Zwei volle Tage stehen Ihnen für Pirschfahrten in der Savuti-Region zur Verfügung. Das Gebiet ist Teil des Chobe-Nationalpark und für exzellente Safari-Möglichkeiten bekannt. Fotografen eröffnet sich hier eine ungeahnte Motivvielfalt: Im Unterschied zum größten Teil Botswanas ist Savuti kein Flachland. Vulkanfelsen erheben sich hier aus dem Sand der Kalahari, überragen die Savanne und bilden einen eigenen Lebensraum für eine Anzahl kleinerer Wildtiere, Vögel und Pflanzen. Das Schwemmland von Savuti wiederum ist der Schauplatz dramatischer Interaktion und spektakulärer Jagden: In der weiten Landschaft der Savuti-Marschen finden die starken Löwen- und Hyänenfamilien große Huftierpopulationen vor. Außerdem ist das Schwemmland die Heimat der Geparden, während in der Regenzeit hier Afrikanische Wildhunde auf die Jagd gehen. Eine absolute Besonderheit sind die elefantenjagenden Savuti-Löwen: Eine große Löwengruppe mit 20 bis 30 Tieren hat im Laufe der Jahre gelernt, die riesigen Dickhäuter zu erlegen. Im Schutz der Dunkelheit und dank ihrer Überzahl gelingt es ihnen, heranwachsende und selbst junge erwachsene Elefanten zu töten. 2 Übernachtungen wie am Vortag.

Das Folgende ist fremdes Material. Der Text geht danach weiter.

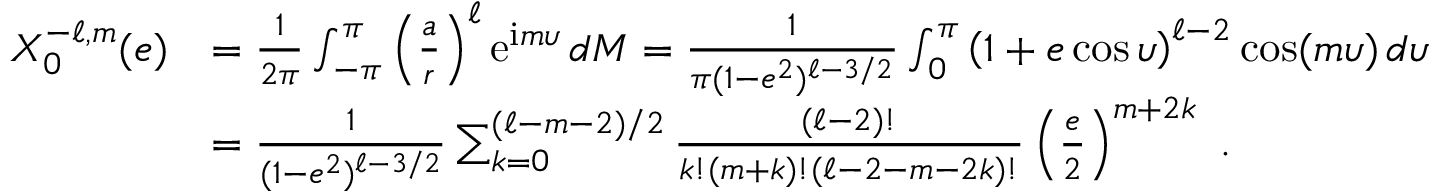
\begin{array} { r l } { X _ { 0 } ^ { - \ell , m } ( e ) } & { = \frac { 1 } { 2 \pi } \int _ { - \pi } ^ { \pi } \left( \frac { a } { r } \right) ^ { \ell } \mathrm { e } ^ { \mathrm { i } m \upsilon } \, d M = \frac { 1 } { \pi ( 1 - e ^ { 2 } ) ^ { \ell - 3 / 2 } } \int _ { 0 } ^ { \pi } \left( 1 + e \cos \upsilon \right) ^ { \ell - 2 } \cos ( m \upsilon ) \, d \upsilon } \\ & { = \frac { 1 } { ( 1 - e ^ { 2 } ) ^ { \ell - 3 / 2 } } \sum _ { k = 0 } ^ { ( \ell - m - 2 ) / 2 } \frac { ( \ell - 2 ) ! } { k ! ( m + k ) ! ( \ell - 2 - m - 2 k ) ! } \left( \frac { e } { 2 } \right) ^ { m + 2 k } \ . } \end{array}

7. Tag: Savuti – Khwai-Fluss (F/M/A)

Von den eher trockenen Savuti-Landschaften geht es heute in Richtung Süden zum Khwai-Fluss (Fahrzeit ca. 4–5 Std.). Während der aussichtsreichen Fahrt stoßen Sie auf Überbleibsel des vor zehntausenden von Jahren ausgetrockneten Sees Makgadikgadi. Der herausforderndste Teil der Strecke ist die Durchquerung des Magwikwe-Sandkamms, der einst das Ufer dieses riesigen Binnensees bildete. Der gewundene Fahrweg führt mitten durch den tiefen Sand. Der einstige Seeboden bildet heute die Mababe-Senke, deren Lehmboden ein reichhaltiges Futterangebot hervorbringt; vor allem nach Regenfällen sind hier unzählige Tiere anzutreffen. (In der Regenzeit ist die Senke unpassierbar, was eine andere Routenführung nötig macht.) Auf der heutigen Pirschfahrt kann viel passieren: Sie durchqueren die meisten im nördlichen Botswana vorkommenden Typen von Habitat, fahren durch erstklassiges Löwengebiet und eine der besten Regionen auf dieser Reise, um Geparden zu sichten. Vielleicht treffen Sie auch auf Elefanten – vor allem zu Beginn und zum Ende der Etappe sind die Chancen hoch. Die Mababe-Senke ist außerdem ein Paradies für Vogelbeobachter: Die nahrhaften Gräser, die hier wachsen, ziehen zahlreiche Prachtfinken und Witwenvogel-Arten an, von denen sich kleinere Raubvögel wie Lannerfalke, Gabarhabicht und Schikrasperber ernähren. Die Grassamen stehen aber auch auf dem Speiseplan zahlreicher Nagetiere; dies wiederum ruft Sekretäre, Raubadler und Gleitaare auf den Plan… Übernachtung im Tented Camp im Gebiet der Khwai Community.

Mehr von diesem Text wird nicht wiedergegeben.